Mathematics

Math 344: Abstract Algebra

 Fall 2004, MWF 12:10 – 1:00, R 11:00 – 11:50, MC 415

 Instructor: Rich Maresh, Associate Professor, Mathematics Department Chair

 Contact Information: MC 522, (796)-3655, (Home: 526-4988)

 Email: rjmaresh@viterbo.edu

 Office Hours: MWF 10–11, R 9-10, 2-3

 Final Exam: Wednesday, 15 Dec 2004, 9:50 – 11:50 a.m.

Catalog Description: Study of selected algebraic topics such as: groups, rings, and fields; ring of integers, polynomials; field of real numbers, complex numbers; finite fields.  Generally offered every other year. Prerequisite: grade of C or higher in 260.

Writing Course: MATH 344 is the “Writing” course for the mathematics program. We actually have students work on their proof writing skills in many mathematics courses, but this is the one formally designated to that end. You will note that in the “Student Outcomes” listed below, communication is emphasized.

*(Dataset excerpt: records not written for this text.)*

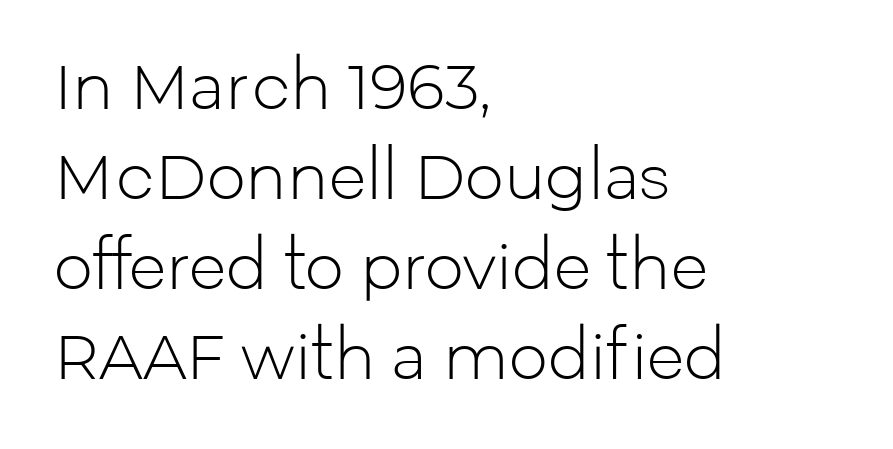
{"serif": "no", "italic": "no", "bold": "no", "weight": "light", "width": "normal", "stroke_contrast": "low", "x_height": "medium", "monospaced": "no", "underline": "no", "align": "left", "line_spacing": "normal", "line_spacing_ratio": 1.45, "letter_spacing": "normal", "letter_spacing_em": 0.0, "glyph_px": 62}
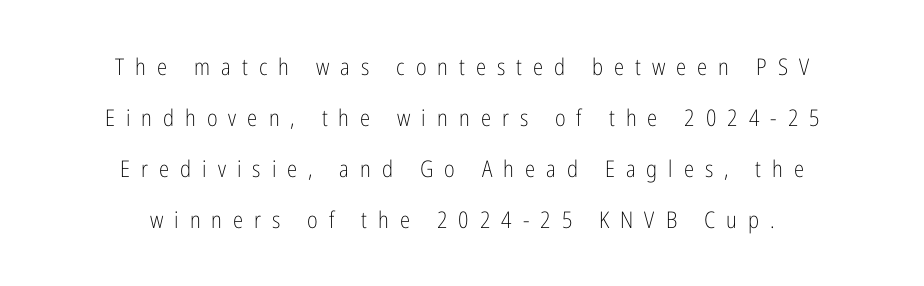
Q: Is the text bold? A: No.
Q: Is the text italic (slanted)? A: No, it is upright.
Q: Is the text underlined? A: No.
Q: How is the paragraph aligned? A: Centered.
Q: Is the spacing between letters normal or unusually wide? A: Unusually wide.
Q: Is the spacing between lines tight, normal or loose? A: Loose.
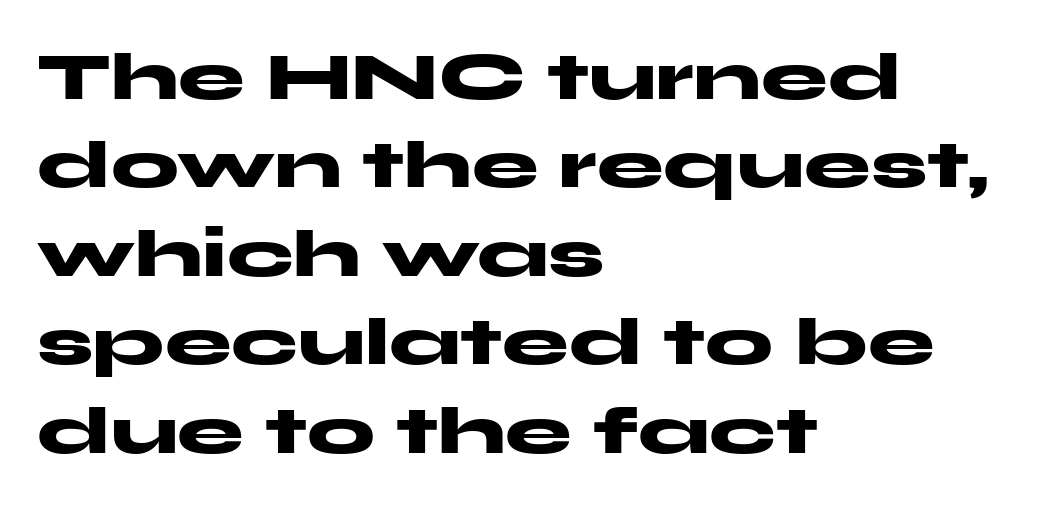
{"serif": "no", "italic": "no", "bold": "yes", "weight": "heavy", "width": "wide", "stroke_contrast": "medium", "x_height": "medium", "monospaced": "no", "underline": "no", "align": "left", "line_spacing": "normal", "line_spacing_ratio": 1.32, "letter_spacing": "normal", "letter_spacing_em": 0.0, "glyph_px": 67}
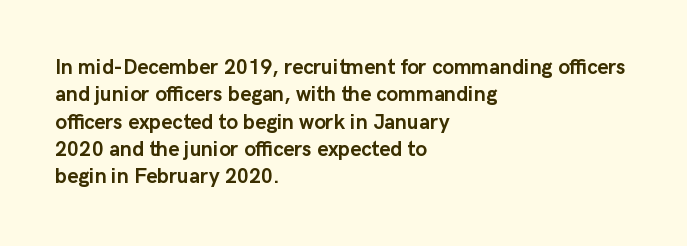
The image shows 21 px bold type, upright; set left-aligned, normal line spacing (1.3x), normal letter spacing, not underlined.
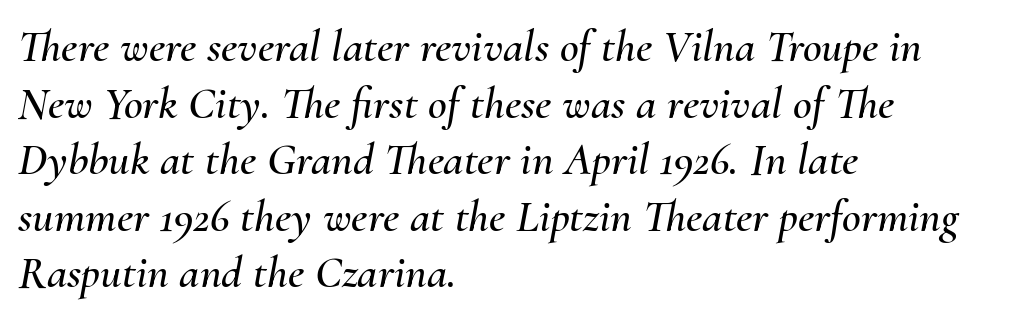
{"italic": "yes", "lean": "right", "slant_degrees": 10, "width": "normal", "stroke_contrast": "medium", "x_height": "small", "monospaced": "no", "underline": "no", "align": "left", "line_spacing_ratio": 1.23, "letter_spacing": "normal", "letter_spacing_em": 0.0, "glyph_px": 46}
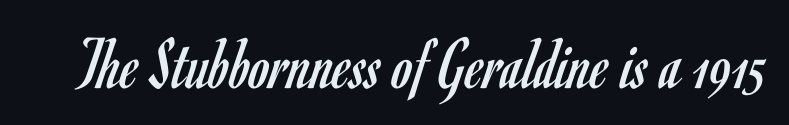
Words float on clear page, feet unadorned. Note: no serifs on the glyphs. The cut favours lightness, reaching ordinary text weight at its darkest. Is this a fixed-width face? No — the glyphs have proportional, varying widths. Compared with typical body copy, the letter spacing here is the same.
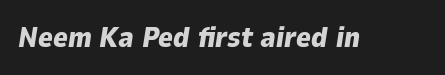
Q: Is the text bold? A: Yes.
Q: Is the text italic (slanted)? A: Yes, it leans right by about 9 degrees.
Q: Is the text underlined? A: No.
Q: Is the spacing between letters normal or unusually wide? A: Normal.
Q: Width (condensed, normal, or wide)? A: Normal.
Q: Stroke contrast? A: Low.
Q: x-height? A: Medium.
Q: Monospaced? A: No.
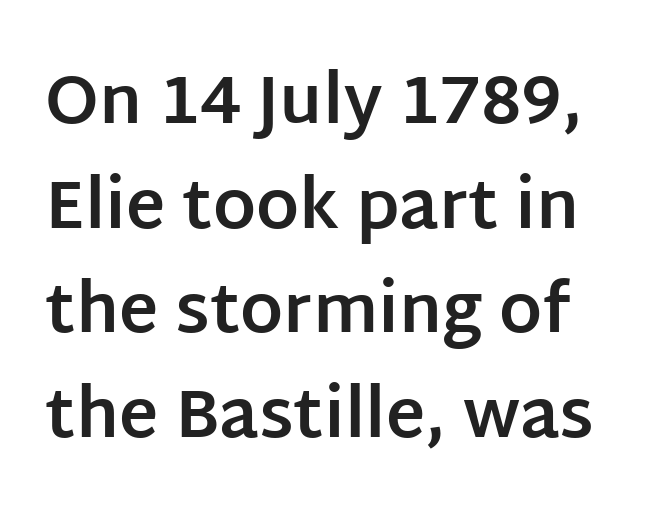
{"serif": "no", "italic": "no", "bold": "yes", "weight": "bold", "width": "normal", "stroke_contrast": "low", "x_height": "large", "monospaced": "no", "underline": "no", "line_spacing": "normal", "line_spacing_ratio": 1.56, "letter_spacing": "normal", "letter_spacing_em": 0.0, "glyph_px": 67}
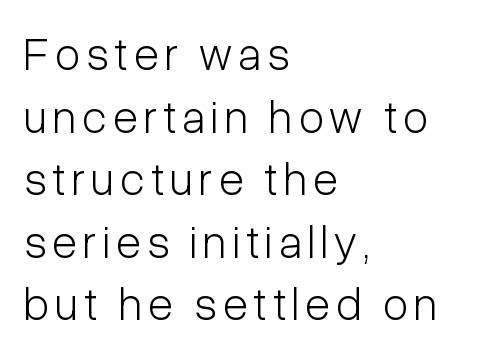
{"serif": "no", "italic": "no", "bold": "no", "weight": "light", "width": "condensed", "stroke_contrast": "low", "x_height": "medium", "monospaced": "no", "underline": "no", "align": "left", "line_spacing": "normal", "line_spacing_ratio": 1.36, "glyph_px": 46}
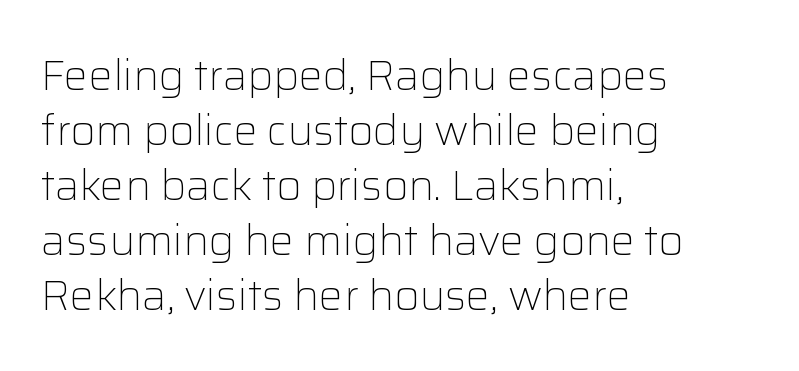
Q: Is the text bold? A: No.
Q: Is the text italic (slanted)? A: No, it is upright.
Q: Is the typeface a serif or a sans-serif typeface? A: Sans-serif.
Q: Is the text underlined? A: No.
Q: How is the paragraph aligned? A: Left-aligned.
Q: Is the spacing between letters normal or unusually wide? A: Normal.
Q: Is the spacing between lines tight, normal or loose? A: Normal.
Q: Width (condensed, normal, or wide)? A: Normal.
Q: Stroke contrast? A: Low.
Q: x-height? A: Medium.
Q: Monospaced? A: No.
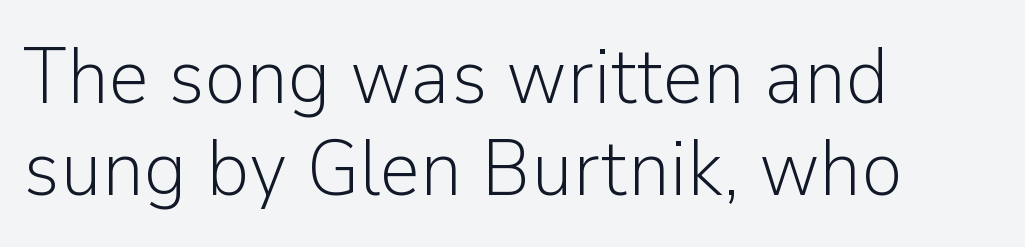
Q: Is the text bold? A: No.
Q: Is the text italic (slanted)? A: No, it is upright.
Q: Is the typeface a serif or a sans-serif typeface? A: Sans-serif.
Q: Is the text underlined? A: No.
Q: How is the paragraph aligned? A: Left-aligned.
Q: Is the spacing between letters normal or unusually wide? A: Normal.
Q: Width (condensed, normal, or wide)? A: Normal.
Q: Stroke contrast? A: Low.
Q: x-height? A: Medium.
Q: Monospaced? A: No.
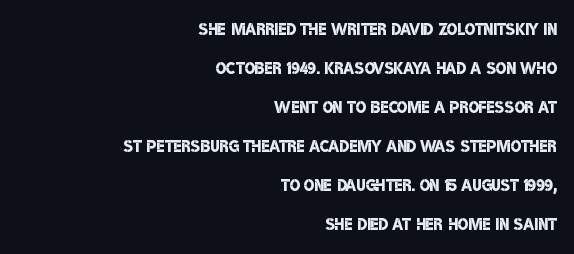
The image shows 22 px text type; set right-aligned, line spacing 1.77x, normal letter spacing, not underlined.
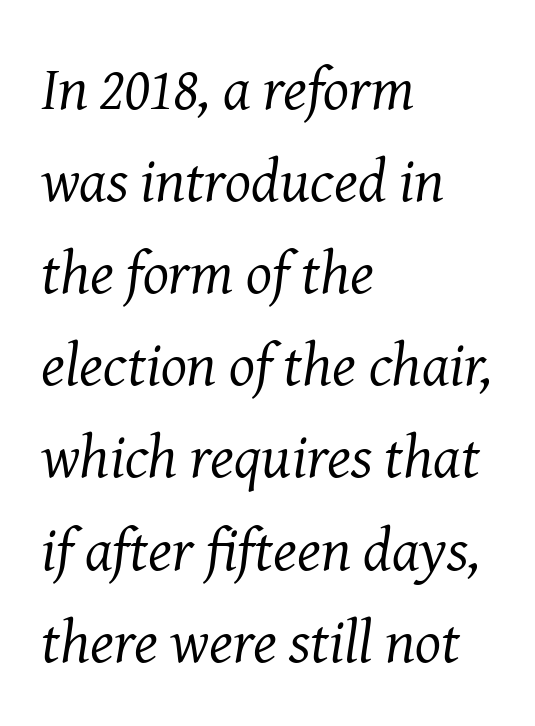
{"serif": "yes", "italic": "yes", "lean": "right", "slant_degrees": 8, "bold": "no", "weight": "regular", "width": "normal", "stroke_contrast": "medium", "x_height": "medium", "monospaced": "no", "underline": "no", "align": "left", "line_spacing": "normal", "line_spacing_ratio": 1.51, "letter_spacing": "normal", "letter_spacing_em": 0.0, "glyph_px": 61}
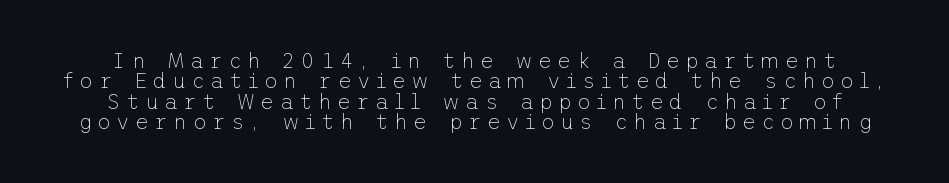
The image shows 21 px text type, upright; set tight line spacing (0.97x), unusually wide letter spacing (+0.26 em), not underlined.
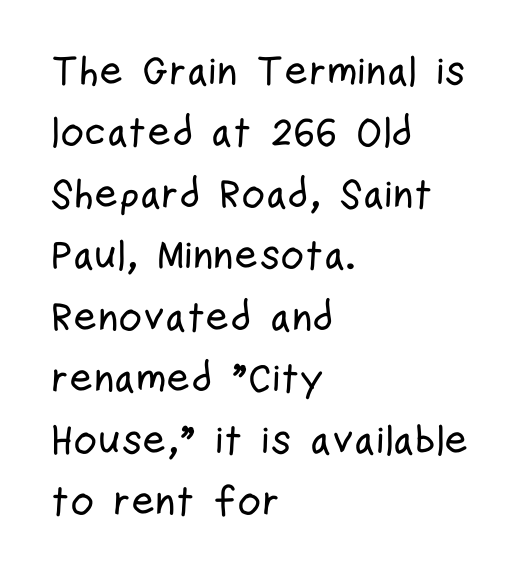
Words float on clear page, feet unadorned. Do the characters align in a grid? No, the font is proportional. Check where the strokes stop: nothing finishes them off — pure sans. Style check: upright.
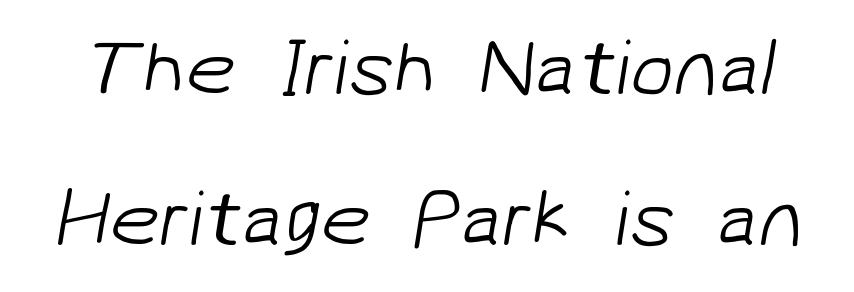
Q: Is the text bold? A: No.
Q: Is the typeface a serif or a sans-serif typeface? A: Sans-serif.
Q: Is the text underlined? A: No.
Q: Is the spacing between letters normal or unusually wide? A: Normal.
Q: Width (condensed, normal, or wide)? A: Normal.
Q: Stroke contrast? A: Low.
Q: x-height? A: Medium.
Q: Monospaced? A: No.
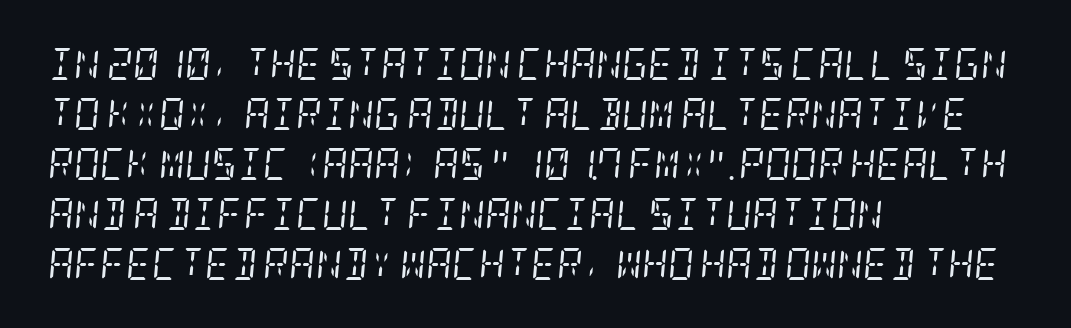
The image shows 32 px regular-weight, condensed serif type, italic (leaning right); set left-aligned, normal line spacing (1.56x), normal letter spacing, not underlined; low stroke contrast and a large x-height.
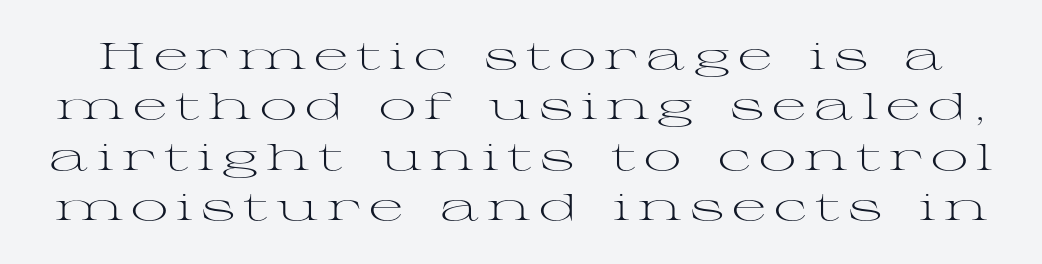
{"serif": "yes", "italic": "no", "bold": "no", "weight": "light", "width": "wide", "stroke_contrast": "medium", "x_height": "medium", "monospaced": "no", "underline": "no", "line_spacing": "normal", "line_spacing_ratio": 1.36, "letter_spacing": "wide", "letter_spacing_em": 0.22, "glyph_px": 37}
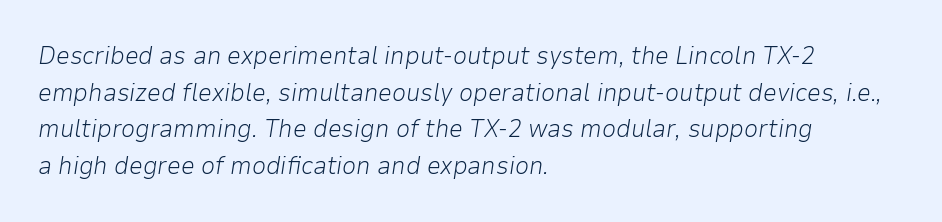
The image shows 25 px text type, italic (leaning right); set left-aligned, normal line spacing (1.47x), normal letter spacing, not underlined.
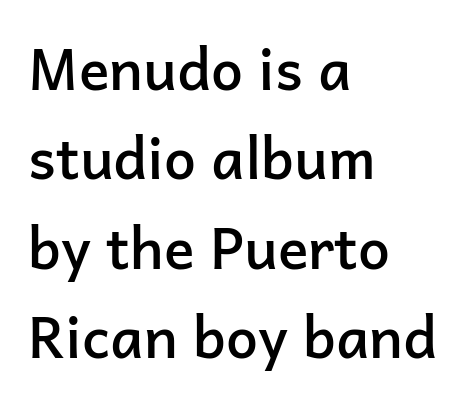
{"serif": "no", "italic": "no", "bold": "semi", "weight": "semibold", "width": "normal", "stroke_contrast": "low", "x_height": "medium", "monospaced": "no", "underline": "no", "align": "left", "line_spacing": "normal", "line_spacing_ratio": 1.57, "letter_spacing": "normal", "letter_spacing_em": 0.0, "glyph_px": 57}
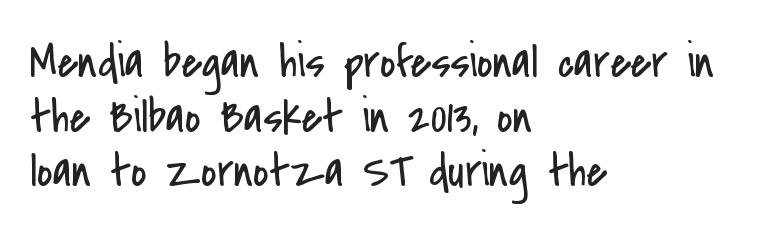
The image shows 48 px regular-weight, condensed sans-serif type, upright; set left-aligned, tight line spacing (1.14x), normal letter spacing, not underlined; low stroke contrast and a small x-height.
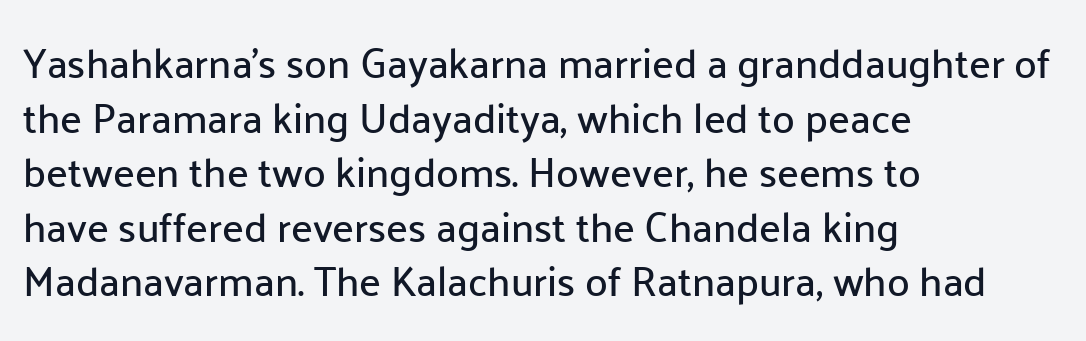
This is the regular roman posture of the typeface. This rendering uses left alignment, leaving the right contour irregular. The string is rendered with underlining switched off. Are there feet on the stems? There aren't — it's a sans. The letterforms sit shoulder to shoulder at normal distance.
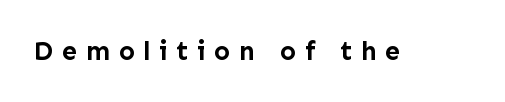
The image shows 27 px bold type, upright; set unusually wide letter spacing (+0.31 em), not underlined.
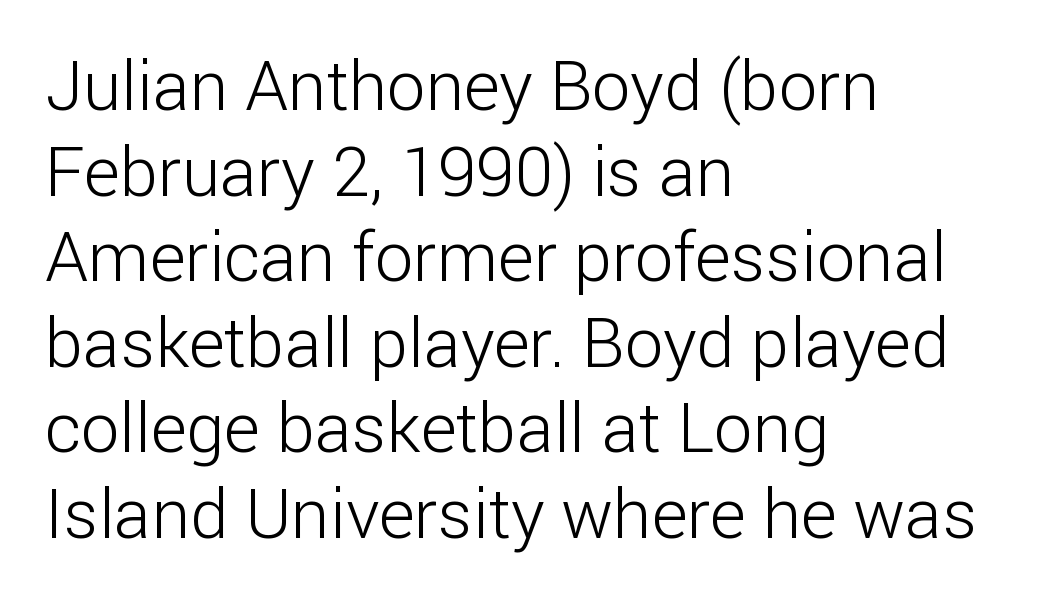
Italic? Not at all — the glyphs are vertical. Underline: absent. The type family on display is of the sans-serif kind. Each letter keeps its own natural width here, so spacing adapts to shape. The letterforms sit shoulder to shoulder at normal distance. The typesetter chose a ragged-right arrangement here.
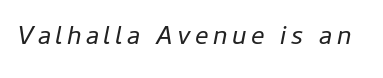
{"italic": "yes", "lean": "right", "slant_degrees": 11, "bold": "no", "underline": "no", "glyph_px": 27}
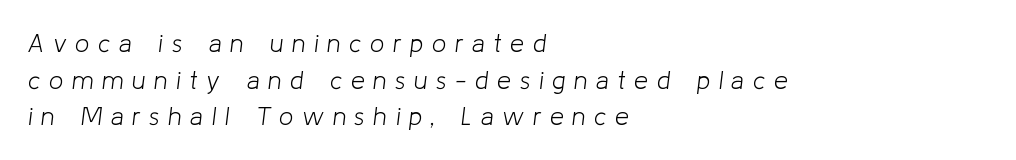
The image shows 25 px text type, italic (leaning right); set left-aligned, normal line spacing (1.47x), unusually wide letter spacing (+0.35 em), not underlined.
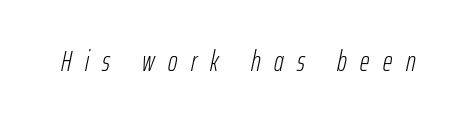
Q: Is the text bold? A: No.
Q: Is the text italic (slanted)? A: Yes, it leans right by about 12 degrees.
Q: Is the text underlined? A: No.
Q: Is the spacing between letters normal or unusually wide? A: Unusually wide.
Q: Width (condensed, normal, or wide)? A: Condensed.
Q: Stroke contrast? A: Low.
Q: x-height? A: Medium.
Q: Monospaced? A: No.

Text: Elements of Modern Algebra (Fifth ed.), by Jimmie Gilbert and Linda Gilbert, Brooks/Cole Publishing, 2000.

Course Goals:

Students shall investigate mathematical structures and properties that unify a variety of mathematical systems.

Students shall see how properties are derived logically from defining characteristics of a mathematical structure.

Students shall see the beauty, elegance, and usefulness of abstract mathematical structures.

Mathematics Program Course-Level Student Outcomes:

    As part of an attempt to assess our mathematics program, basically to see that we are actually accomplishing what we want to accomplish, we have written a set of student outcomes for various courses taken by math majors. I will be keeping track of how well you manage to achieve these desired outcomes.

Course Content:

Students will review the basics of mathematical logic and proof, and the topics of binary operations and congruence classes, and will demonstrate an understanding of the properties of groups, rings and fields, and finally, of the applications of these structural concepts to the real and complex number systems and polynomials.

Reasoning:

• Students will demonstrate an understanding of axiomatic-deductive systems. (Outcome 2.1)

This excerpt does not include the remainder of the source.